Illustrative: A visitor takes a look at busts of Adolf Hitler on the opening day of the exhibition 'Hitler and the Germans - nation and crime' in Berlin, Germany, October 15, 2010. (AP Photo/Gero Breloer)
Illustrative: A visitor takes a look at busts of Adolf Hitler on the opening day of the exhibition 'Hitler and the Germans - nation and crime' in Berlin, Germany, October 15, 2010. (AP Photo/Gero Breloer)

PARIS — The French Senate said Wednesday that it was investigating the discovery of a bust of Hitler, left over from the Nazi occupation of Paris, in the cellar of the upper house of parliament.

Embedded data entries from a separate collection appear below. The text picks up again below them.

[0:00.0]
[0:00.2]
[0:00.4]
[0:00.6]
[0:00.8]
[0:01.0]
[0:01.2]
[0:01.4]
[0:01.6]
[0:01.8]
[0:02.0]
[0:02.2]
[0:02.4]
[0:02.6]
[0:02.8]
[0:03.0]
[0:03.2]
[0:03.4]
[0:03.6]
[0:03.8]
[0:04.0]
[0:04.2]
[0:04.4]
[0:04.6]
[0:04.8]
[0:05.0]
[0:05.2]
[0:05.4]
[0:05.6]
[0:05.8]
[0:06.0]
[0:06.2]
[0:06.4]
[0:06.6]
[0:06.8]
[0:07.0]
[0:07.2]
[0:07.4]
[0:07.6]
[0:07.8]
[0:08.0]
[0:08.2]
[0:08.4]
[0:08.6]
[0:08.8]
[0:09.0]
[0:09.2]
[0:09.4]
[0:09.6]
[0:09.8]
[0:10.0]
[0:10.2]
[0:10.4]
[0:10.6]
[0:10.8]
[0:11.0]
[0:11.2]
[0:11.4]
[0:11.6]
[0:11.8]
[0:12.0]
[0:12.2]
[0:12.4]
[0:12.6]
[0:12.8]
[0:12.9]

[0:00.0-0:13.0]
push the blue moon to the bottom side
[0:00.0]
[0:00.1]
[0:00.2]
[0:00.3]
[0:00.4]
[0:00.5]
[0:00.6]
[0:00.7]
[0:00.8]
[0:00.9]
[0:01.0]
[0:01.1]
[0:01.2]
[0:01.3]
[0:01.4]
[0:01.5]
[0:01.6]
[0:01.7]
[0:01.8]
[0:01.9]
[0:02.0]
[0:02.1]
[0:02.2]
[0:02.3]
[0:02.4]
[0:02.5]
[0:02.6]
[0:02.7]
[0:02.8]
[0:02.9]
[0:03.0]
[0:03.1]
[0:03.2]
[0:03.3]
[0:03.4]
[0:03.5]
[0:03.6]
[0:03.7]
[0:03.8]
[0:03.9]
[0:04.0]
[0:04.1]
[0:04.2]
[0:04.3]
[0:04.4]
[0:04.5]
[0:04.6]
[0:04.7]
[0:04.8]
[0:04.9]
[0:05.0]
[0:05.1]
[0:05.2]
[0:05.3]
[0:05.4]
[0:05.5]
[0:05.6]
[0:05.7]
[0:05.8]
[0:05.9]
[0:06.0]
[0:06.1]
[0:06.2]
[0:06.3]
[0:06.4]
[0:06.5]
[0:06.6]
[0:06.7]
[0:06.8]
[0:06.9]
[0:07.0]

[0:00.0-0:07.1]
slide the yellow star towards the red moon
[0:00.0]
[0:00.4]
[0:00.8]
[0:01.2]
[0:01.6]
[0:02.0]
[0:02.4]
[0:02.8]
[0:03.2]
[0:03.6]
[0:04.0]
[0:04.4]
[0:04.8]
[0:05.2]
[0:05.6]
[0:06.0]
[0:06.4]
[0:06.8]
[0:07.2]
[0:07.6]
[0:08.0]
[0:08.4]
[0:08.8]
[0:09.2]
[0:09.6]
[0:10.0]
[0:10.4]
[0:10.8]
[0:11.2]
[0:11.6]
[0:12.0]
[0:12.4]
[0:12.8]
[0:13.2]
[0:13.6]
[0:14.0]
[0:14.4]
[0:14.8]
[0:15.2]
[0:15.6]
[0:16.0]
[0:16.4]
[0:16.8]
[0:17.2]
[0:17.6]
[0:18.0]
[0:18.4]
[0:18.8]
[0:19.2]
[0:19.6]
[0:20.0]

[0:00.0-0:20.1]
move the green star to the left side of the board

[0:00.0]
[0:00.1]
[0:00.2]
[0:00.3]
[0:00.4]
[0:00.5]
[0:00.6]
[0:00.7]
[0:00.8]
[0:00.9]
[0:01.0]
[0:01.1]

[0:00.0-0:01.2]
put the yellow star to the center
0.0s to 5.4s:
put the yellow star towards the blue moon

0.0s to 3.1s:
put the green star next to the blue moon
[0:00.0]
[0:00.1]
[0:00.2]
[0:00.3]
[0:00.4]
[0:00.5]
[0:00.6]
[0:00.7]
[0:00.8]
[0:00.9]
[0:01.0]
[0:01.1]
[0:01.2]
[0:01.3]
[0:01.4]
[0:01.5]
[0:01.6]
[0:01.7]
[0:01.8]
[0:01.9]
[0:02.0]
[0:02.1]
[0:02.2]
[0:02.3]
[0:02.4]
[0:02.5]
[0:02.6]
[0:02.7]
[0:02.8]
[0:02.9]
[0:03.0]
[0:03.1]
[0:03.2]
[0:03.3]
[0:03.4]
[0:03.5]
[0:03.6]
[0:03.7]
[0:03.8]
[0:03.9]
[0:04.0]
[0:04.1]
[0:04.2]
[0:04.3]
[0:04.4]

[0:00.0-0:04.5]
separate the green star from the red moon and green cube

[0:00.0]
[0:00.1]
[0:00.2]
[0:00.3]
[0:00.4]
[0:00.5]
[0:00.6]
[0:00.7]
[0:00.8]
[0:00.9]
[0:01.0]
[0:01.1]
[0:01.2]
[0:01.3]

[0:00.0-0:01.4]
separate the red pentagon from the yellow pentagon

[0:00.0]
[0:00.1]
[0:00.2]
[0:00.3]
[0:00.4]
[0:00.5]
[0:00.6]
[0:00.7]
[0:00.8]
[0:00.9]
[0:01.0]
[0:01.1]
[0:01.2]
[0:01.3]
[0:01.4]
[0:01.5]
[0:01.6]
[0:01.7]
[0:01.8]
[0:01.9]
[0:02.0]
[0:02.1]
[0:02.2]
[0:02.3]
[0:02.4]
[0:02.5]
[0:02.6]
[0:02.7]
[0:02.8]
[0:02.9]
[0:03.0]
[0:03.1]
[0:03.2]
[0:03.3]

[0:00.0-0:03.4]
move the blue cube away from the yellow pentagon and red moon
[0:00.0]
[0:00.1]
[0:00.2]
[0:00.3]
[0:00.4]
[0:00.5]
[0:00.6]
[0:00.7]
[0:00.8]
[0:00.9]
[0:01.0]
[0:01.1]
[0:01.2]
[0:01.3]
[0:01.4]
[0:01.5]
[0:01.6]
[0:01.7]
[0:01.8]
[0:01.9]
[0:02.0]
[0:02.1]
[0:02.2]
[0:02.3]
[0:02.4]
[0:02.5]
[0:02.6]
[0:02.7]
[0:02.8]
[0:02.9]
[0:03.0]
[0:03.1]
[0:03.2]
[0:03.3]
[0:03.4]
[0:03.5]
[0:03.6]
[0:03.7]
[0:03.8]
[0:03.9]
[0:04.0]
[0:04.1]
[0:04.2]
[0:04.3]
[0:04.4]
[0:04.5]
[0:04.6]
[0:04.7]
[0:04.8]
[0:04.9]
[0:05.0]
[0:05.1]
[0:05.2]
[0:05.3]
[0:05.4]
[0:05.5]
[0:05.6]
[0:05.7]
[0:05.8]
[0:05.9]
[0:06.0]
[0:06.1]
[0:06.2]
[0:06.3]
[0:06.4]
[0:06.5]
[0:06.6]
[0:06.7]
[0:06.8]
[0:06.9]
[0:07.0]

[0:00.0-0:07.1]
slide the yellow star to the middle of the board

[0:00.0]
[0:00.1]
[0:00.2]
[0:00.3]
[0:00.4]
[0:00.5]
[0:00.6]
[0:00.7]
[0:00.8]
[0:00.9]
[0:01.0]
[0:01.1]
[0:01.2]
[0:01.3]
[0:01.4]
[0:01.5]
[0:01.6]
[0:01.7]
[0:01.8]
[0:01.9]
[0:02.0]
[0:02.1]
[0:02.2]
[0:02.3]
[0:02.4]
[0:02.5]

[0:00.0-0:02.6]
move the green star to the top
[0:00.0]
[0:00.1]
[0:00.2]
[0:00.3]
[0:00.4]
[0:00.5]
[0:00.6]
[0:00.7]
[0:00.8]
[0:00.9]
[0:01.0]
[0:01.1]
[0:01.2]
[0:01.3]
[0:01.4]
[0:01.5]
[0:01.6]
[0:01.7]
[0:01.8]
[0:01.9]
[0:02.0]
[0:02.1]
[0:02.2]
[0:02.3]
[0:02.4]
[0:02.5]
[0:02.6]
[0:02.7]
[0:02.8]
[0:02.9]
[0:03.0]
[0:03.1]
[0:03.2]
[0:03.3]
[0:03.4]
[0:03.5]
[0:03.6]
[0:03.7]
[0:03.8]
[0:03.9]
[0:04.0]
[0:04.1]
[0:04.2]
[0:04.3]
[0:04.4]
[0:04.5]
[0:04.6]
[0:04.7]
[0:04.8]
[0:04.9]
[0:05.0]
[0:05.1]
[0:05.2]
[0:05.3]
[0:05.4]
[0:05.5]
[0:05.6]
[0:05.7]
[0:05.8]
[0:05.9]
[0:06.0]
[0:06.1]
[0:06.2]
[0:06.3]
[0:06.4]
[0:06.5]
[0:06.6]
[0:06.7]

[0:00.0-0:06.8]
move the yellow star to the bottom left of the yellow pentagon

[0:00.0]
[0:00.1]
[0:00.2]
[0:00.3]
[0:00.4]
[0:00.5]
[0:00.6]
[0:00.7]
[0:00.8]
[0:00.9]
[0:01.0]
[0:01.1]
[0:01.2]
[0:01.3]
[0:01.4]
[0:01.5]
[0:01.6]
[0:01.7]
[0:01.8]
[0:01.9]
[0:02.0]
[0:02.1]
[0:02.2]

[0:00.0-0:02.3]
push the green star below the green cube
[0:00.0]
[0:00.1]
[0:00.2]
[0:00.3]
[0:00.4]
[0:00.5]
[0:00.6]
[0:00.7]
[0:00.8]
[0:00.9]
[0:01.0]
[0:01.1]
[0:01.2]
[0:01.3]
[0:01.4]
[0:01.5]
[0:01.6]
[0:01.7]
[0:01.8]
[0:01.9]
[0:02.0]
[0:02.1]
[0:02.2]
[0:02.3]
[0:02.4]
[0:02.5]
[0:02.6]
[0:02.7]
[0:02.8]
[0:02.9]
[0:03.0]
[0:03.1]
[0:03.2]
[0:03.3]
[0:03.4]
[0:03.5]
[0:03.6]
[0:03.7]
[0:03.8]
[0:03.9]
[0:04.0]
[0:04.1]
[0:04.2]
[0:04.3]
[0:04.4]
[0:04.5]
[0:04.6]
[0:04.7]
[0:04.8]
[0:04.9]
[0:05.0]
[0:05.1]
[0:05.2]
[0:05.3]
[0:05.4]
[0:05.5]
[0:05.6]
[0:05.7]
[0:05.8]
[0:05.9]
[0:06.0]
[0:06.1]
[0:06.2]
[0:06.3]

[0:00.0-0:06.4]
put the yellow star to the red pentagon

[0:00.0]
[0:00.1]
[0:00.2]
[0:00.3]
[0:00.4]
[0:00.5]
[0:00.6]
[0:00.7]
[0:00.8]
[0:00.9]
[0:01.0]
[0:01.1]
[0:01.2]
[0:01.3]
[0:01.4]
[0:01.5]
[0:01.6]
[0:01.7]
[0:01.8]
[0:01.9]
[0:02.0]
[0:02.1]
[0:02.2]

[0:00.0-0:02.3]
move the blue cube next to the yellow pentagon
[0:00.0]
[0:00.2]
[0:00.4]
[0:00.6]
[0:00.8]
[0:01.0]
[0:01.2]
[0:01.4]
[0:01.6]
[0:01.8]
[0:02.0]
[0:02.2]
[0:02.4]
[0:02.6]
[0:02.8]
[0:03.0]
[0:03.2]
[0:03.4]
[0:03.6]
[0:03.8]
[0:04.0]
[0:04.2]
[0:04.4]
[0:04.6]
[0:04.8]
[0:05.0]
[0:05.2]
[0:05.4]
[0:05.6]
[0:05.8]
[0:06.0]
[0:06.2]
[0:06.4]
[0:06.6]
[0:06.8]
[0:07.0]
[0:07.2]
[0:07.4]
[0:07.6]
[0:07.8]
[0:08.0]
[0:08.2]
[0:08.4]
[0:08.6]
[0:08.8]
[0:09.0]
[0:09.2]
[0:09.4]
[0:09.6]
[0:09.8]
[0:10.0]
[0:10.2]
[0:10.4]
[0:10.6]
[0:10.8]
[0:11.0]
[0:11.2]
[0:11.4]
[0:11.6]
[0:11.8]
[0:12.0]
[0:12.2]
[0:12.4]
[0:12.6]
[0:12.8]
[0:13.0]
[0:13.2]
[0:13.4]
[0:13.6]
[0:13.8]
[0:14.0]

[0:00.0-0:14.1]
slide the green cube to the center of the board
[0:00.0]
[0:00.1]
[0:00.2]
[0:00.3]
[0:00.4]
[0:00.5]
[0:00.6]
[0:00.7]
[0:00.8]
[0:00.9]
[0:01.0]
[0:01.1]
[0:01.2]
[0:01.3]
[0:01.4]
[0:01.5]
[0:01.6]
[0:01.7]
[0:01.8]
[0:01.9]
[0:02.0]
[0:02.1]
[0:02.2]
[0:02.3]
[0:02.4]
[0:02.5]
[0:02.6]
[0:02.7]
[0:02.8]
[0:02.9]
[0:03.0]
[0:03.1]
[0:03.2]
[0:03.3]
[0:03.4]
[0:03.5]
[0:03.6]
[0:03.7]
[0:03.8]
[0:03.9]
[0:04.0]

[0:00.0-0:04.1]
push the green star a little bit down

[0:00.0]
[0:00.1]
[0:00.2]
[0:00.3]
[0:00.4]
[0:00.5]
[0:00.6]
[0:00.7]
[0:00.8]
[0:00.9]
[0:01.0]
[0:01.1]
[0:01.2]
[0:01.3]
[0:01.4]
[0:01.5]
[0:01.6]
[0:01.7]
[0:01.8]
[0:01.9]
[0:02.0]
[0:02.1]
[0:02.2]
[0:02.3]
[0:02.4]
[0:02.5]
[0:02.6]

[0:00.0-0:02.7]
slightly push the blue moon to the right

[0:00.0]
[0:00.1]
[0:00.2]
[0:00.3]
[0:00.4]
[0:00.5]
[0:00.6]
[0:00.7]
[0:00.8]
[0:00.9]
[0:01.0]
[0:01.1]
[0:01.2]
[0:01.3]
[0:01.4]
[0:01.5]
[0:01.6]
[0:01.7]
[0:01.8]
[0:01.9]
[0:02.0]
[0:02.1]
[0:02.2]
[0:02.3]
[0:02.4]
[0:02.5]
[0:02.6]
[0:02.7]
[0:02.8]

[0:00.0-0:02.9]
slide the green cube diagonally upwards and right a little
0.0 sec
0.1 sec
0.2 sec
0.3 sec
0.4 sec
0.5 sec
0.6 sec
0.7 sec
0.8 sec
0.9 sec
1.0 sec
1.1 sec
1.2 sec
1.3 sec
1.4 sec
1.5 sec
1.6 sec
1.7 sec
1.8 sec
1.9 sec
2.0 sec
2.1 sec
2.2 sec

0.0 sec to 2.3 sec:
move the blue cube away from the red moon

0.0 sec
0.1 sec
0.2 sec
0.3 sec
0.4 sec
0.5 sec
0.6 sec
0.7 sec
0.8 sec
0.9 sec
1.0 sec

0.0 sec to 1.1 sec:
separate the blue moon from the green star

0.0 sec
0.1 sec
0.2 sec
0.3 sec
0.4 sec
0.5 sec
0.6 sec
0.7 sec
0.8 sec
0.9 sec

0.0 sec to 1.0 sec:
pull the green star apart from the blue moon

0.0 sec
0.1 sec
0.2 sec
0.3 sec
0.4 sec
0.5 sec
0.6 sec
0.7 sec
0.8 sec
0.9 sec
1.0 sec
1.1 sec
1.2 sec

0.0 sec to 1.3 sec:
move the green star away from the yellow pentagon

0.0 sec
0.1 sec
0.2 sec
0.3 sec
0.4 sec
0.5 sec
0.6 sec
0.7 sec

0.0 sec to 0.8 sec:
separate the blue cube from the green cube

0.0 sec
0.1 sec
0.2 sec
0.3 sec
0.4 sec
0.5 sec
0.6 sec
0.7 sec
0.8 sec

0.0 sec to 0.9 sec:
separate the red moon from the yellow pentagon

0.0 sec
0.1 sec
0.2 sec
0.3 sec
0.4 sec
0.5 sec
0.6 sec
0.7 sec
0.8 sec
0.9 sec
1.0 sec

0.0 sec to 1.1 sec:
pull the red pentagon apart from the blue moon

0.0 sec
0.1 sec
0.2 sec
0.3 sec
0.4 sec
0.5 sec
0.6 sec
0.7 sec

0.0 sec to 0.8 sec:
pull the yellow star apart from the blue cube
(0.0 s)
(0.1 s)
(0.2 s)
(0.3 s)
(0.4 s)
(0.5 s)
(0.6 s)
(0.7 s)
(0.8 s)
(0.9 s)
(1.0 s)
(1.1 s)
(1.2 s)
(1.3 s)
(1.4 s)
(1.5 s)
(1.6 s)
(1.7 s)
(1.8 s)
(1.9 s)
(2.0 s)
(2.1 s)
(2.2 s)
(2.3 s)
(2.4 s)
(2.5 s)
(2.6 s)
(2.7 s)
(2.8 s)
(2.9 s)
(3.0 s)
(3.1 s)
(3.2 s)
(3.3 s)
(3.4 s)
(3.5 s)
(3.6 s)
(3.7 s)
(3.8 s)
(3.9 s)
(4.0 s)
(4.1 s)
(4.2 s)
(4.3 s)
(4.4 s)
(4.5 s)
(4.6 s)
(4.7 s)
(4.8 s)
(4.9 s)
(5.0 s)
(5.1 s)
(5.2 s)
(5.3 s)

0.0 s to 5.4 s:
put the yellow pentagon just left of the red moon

Le Monde newspaper revealed that the 35-centimeter-high (14 inches) bust had been found along with a Nazi flag measuring two by three meters (79 x 118 inches) in the vault of the Senate, in the 6th Arrondissement of Paris.

“I was not aware of the presence of this bust,” Senate president Gerard Larcher told reporters, adding that he had ordered a thorough inventory of all the objects housed in the cellar.

Larcher, whose office was once that of German field marshal Hugo Sperrle, said he was “certain” that Senate staff had not tried to cover up the presence of the metal effigy.

https://twitter.com/En24News/status/1169246768028094464

Between 1940 and 1944 the stately Senate palace in the Luxembourg Gardens was occupied by the Nazi Luftwaffe command staff for the Western front.

It was liberated by Allied forces and French Resistance members on August 25, 1944, after a week of fighting.